▶ _How to complete this task_:
Would you please copy only the lines from the line that contains "7.8 s after image 1." to the end of the data below, exactly, leaving every picture out?

▶ _Dataset entries_:
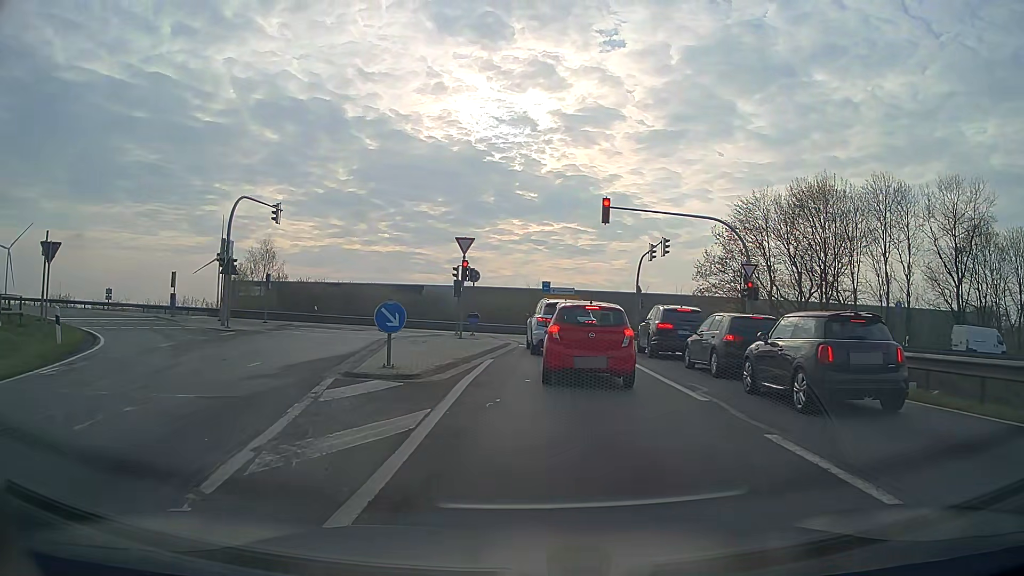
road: motorway_link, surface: asphalt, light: Day
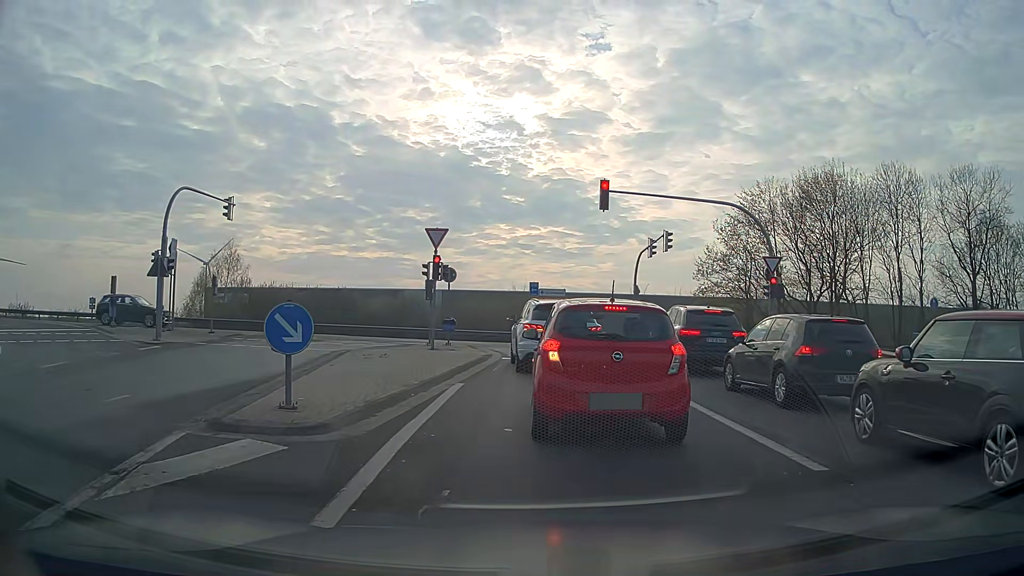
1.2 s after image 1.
(0.0, +4.6) m; 0°
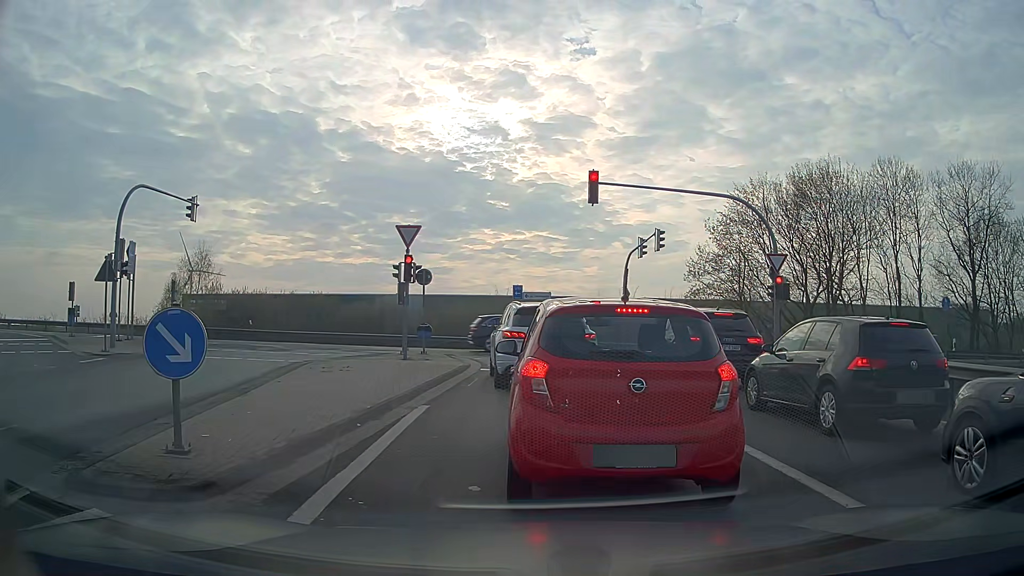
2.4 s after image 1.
(0.0, +2.2) m; +1°
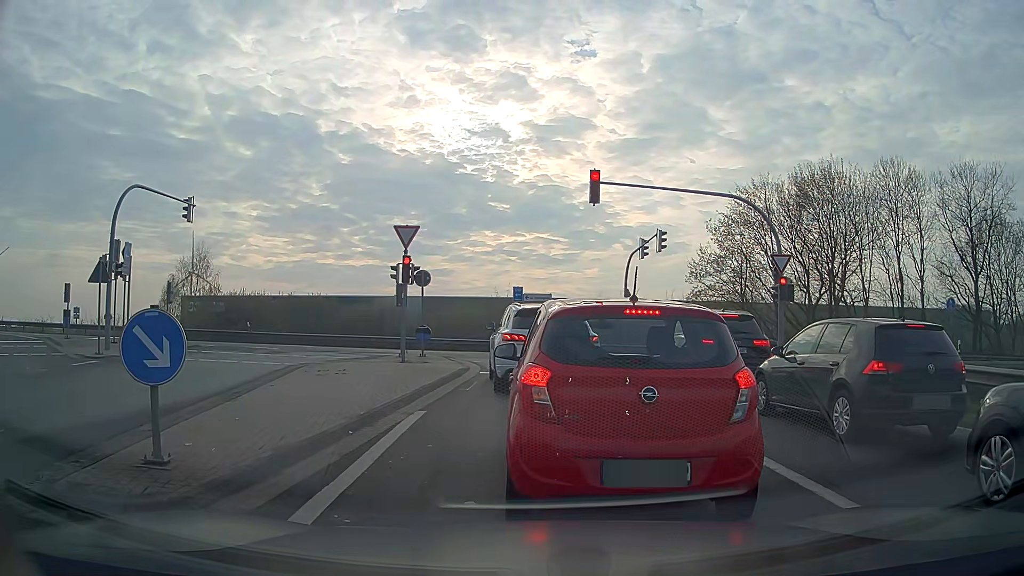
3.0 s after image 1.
(0.0, +0.4) m; 0°
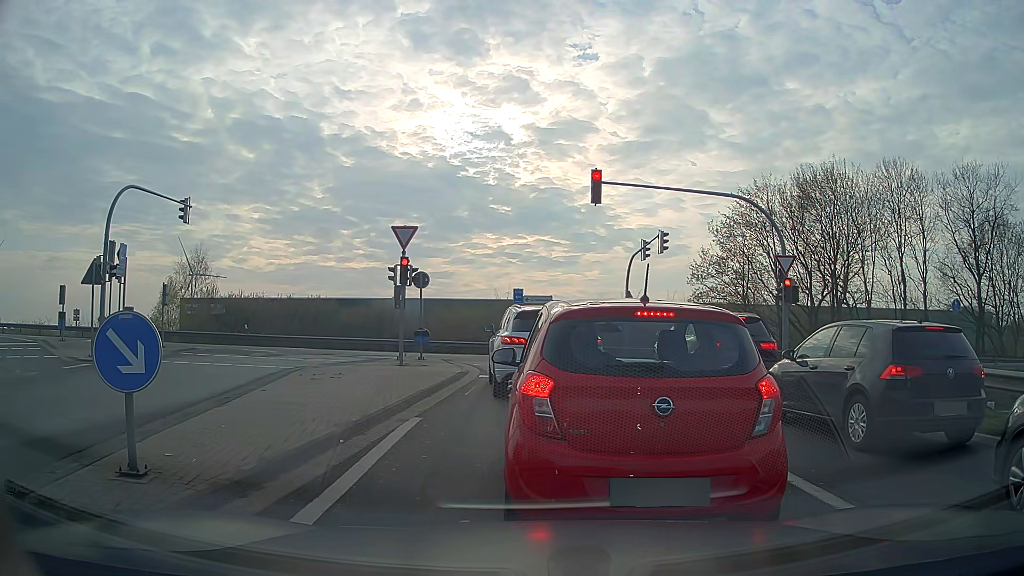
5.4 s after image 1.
(0.0, +0.5) m; 0°
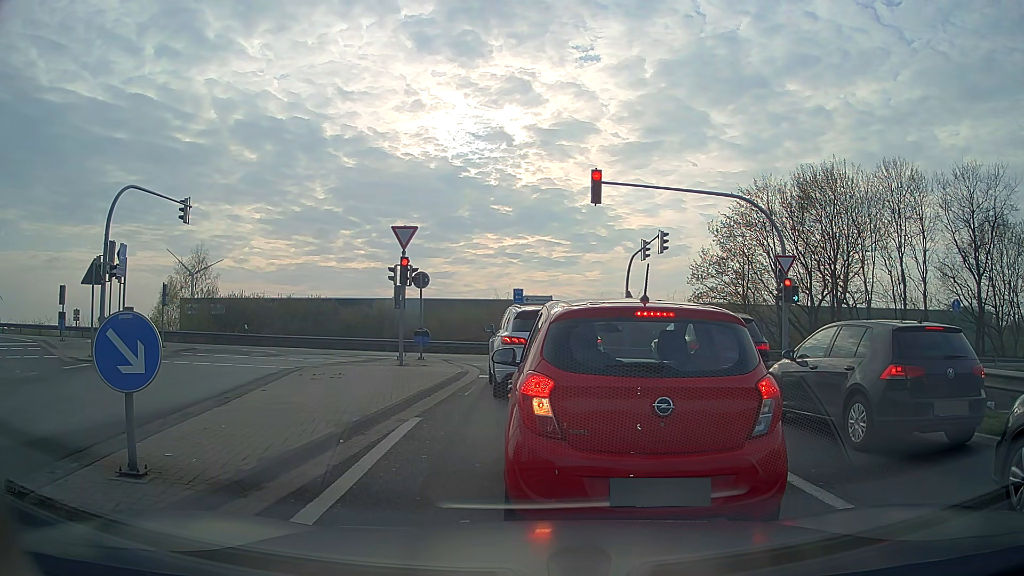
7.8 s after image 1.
(0.0, 0.0) m; 0°
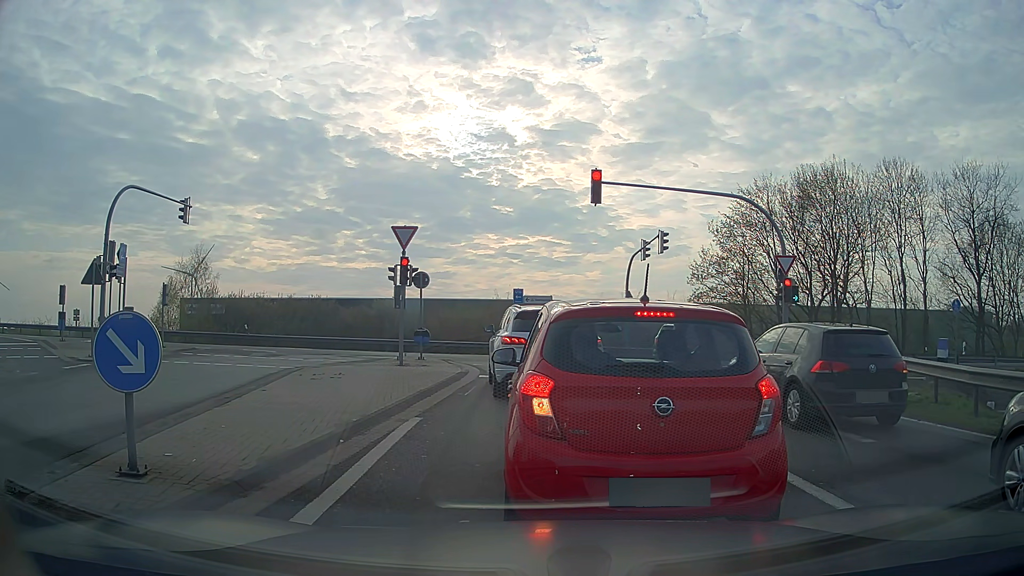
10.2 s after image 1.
(0.0, 0.0) m; 0°
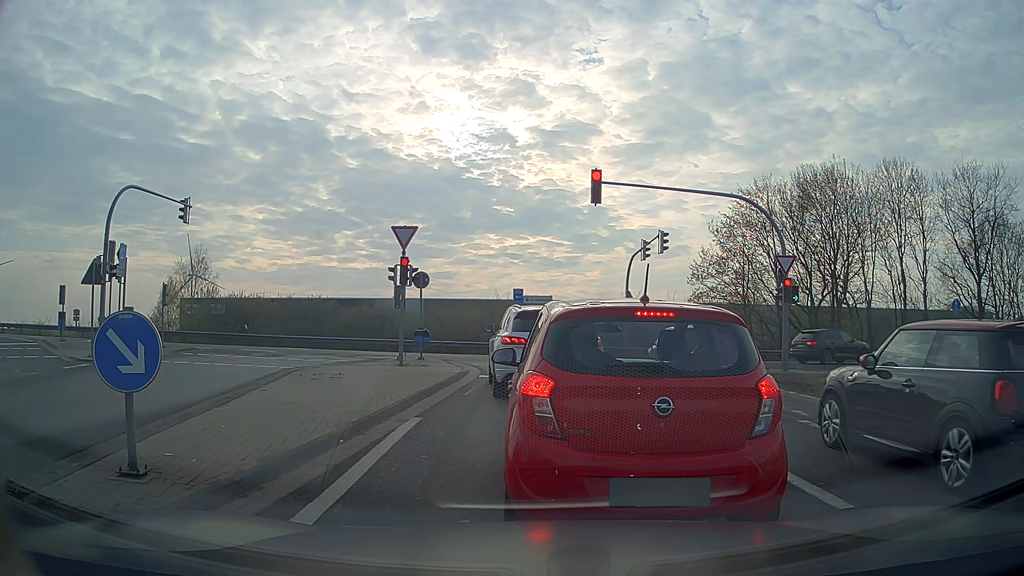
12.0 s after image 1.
(0.0, 0.0) m; 0°
(0, +10) (0, +20) (-2, +29) (-10, +35) (-20, +36) (-30, +35) (-40, +34) (-50, +33) (-60, +31) (-70, +30) m

▶ _Reply to the task_:
7.8 s after image 1.
(0.0, 0.0) m; 0°
10.2 s after image 1.
(0.0, 0.0) m; 0°
12.0 s after image 1.
(0.0, 0.0) m; 0°
(0, +10) (0, +20) (-2, +29) (-10, +35) (-20, +36) (-30, +35) (-40, +34) (-50, +33) (-60, +31) (-70, +30) m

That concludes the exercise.